Doom Service

Home > Other > Doom Service > Page 17
Doom Service Page 17

by Dan J. Marlowe


  “Why, Lieutenant!” Johnny mocked him. “I thought you were a gentleman.”

  “What was the information you wanted out of Turner's office you felt that she could get for you?” the big man persisted. “I know you far too well to imagine that it was an accident that you were dating that pipe line.”

  “She's a nice kid,” Johnny said quietly. “She's goin' back home, where she belongs.” He stared at the man in the chair. “You've talked to her, Joe. She told you all that. Didn't she tell you what I wanted out of Turner's office?”

  The apple cheeks darkened. “She's too damned innocent to know what you were after!” the lieutenant snapped. “And what a wolf like you does with a lamb like that is beyond me!”

  “Dear me!” Johnny murmured. “Don't tell me she's going to prefer charges?” He laughed at the big man's irritation.

  “He probably made a deal with Turner,” Cuneo threw in coarsely.

  Johnny looked at him, then back at Dameron. “Deal? With Turner? You boys don't sound too bright, Joe. Turner's a wheel. He'd make a deal with me?”

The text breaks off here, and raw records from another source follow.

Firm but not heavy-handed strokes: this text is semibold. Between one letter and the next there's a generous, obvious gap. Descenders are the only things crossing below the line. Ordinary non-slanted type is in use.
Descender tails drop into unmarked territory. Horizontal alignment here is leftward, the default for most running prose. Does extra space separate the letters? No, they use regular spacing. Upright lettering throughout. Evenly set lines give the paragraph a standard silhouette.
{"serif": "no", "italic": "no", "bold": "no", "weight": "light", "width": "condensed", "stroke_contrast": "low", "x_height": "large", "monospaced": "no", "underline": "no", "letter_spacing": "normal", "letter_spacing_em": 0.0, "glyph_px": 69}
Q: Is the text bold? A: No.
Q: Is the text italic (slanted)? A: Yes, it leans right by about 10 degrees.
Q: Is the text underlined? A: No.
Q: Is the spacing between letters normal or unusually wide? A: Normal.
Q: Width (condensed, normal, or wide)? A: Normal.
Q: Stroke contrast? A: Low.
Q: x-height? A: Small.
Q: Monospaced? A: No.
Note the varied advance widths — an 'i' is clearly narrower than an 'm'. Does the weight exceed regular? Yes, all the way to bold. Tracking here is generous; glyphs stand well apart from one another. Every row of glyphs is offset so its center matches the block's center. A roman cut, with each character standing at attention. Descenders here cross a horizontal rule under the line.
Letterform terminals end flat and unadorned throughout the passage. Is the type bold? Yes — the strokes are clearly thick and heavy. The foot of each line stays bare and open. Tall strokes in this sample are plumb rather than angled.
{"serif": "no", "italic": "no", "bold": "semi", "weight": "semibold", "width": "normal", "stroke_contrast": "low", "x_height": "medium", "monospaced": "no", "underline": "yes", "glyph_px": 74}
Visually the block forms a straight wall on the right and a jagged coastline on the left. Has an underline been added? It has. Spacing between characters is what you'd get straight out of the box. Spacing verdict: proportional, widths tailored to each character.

  Lieutenant Dameron studied Johnny for several seconds, settled back more solidly into the depths of the armchair and folded his arms across his chest. He stared at a point on the wall above and behind Johnny, and when he spoke again his voice was almost neutral. “Ed Keith committed suicide this afternoon,” he said.

  Johnny whistled. “On the level? With him I'd have bet it would take someone pushin' the hand that held the razor. So you never know.”

  “You never know. He left a couple of notes. He confessed to killing Gidlow.”

  “He

  confessed to killing Gidlow?” Johnny could hear his own voice soaring ridiculously.

  “You sound surprised,” Dameron said softly. “You had a candidate?”

  “My candidate sure as hell wasn't Ed Keith,” Johnny said emphatically. “Just Gidlow? Not the kid, or Hendricks?”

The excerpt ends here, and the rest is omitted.